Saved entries
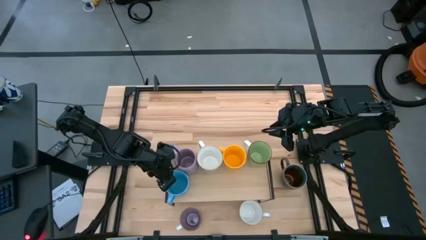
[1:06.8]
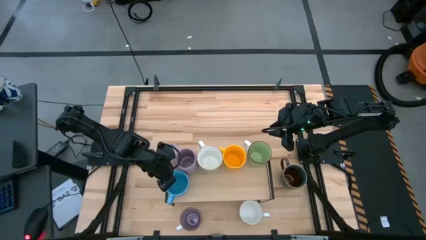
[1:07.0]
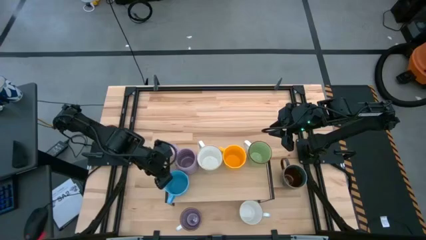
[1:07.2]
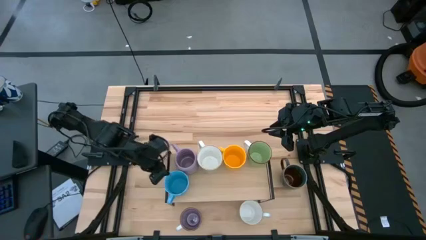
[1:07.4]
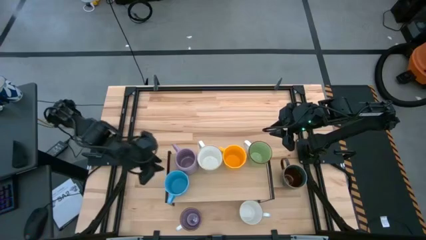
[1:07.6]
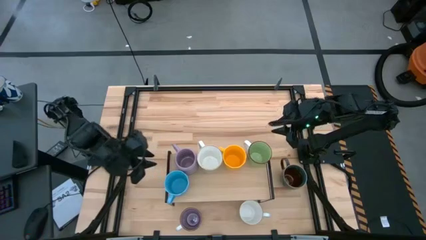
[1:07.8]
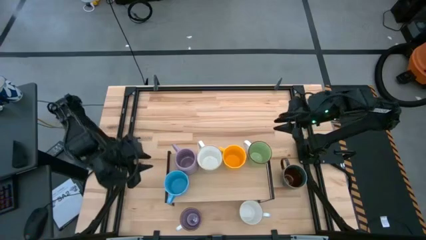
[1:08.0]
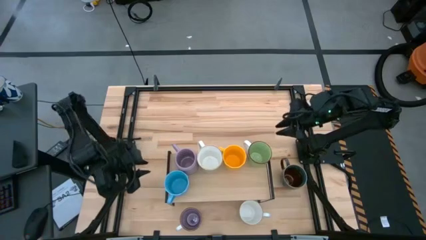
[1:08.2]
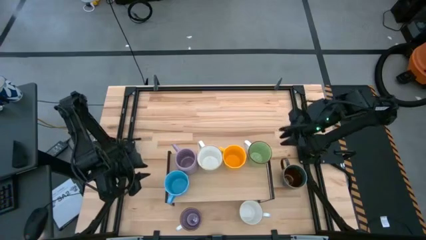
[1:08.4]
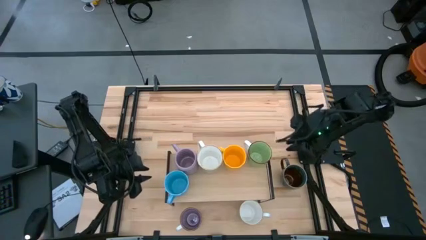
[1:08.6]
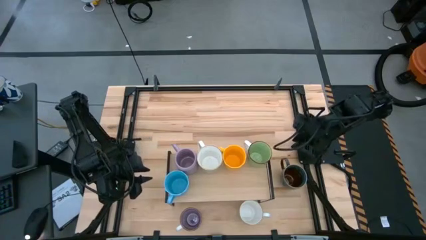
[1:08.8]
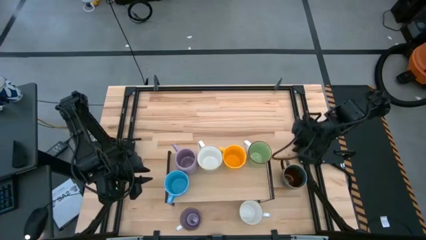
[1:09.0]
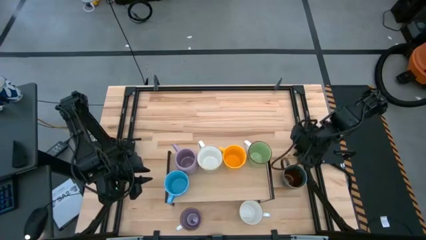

EXERCISE BRIEF: The copy you produce must hold all the records above exactly and none of their pictures.

SOLUTION:
[1:06.8]
[1:07.0]
[1:07.2]
[1:07.4]
[1:07.6]
[1:07.8]
[1:08.0]
[1:08.2]
[1:08.4]
[1:08.6]
[1:08.8]
[1:09.0]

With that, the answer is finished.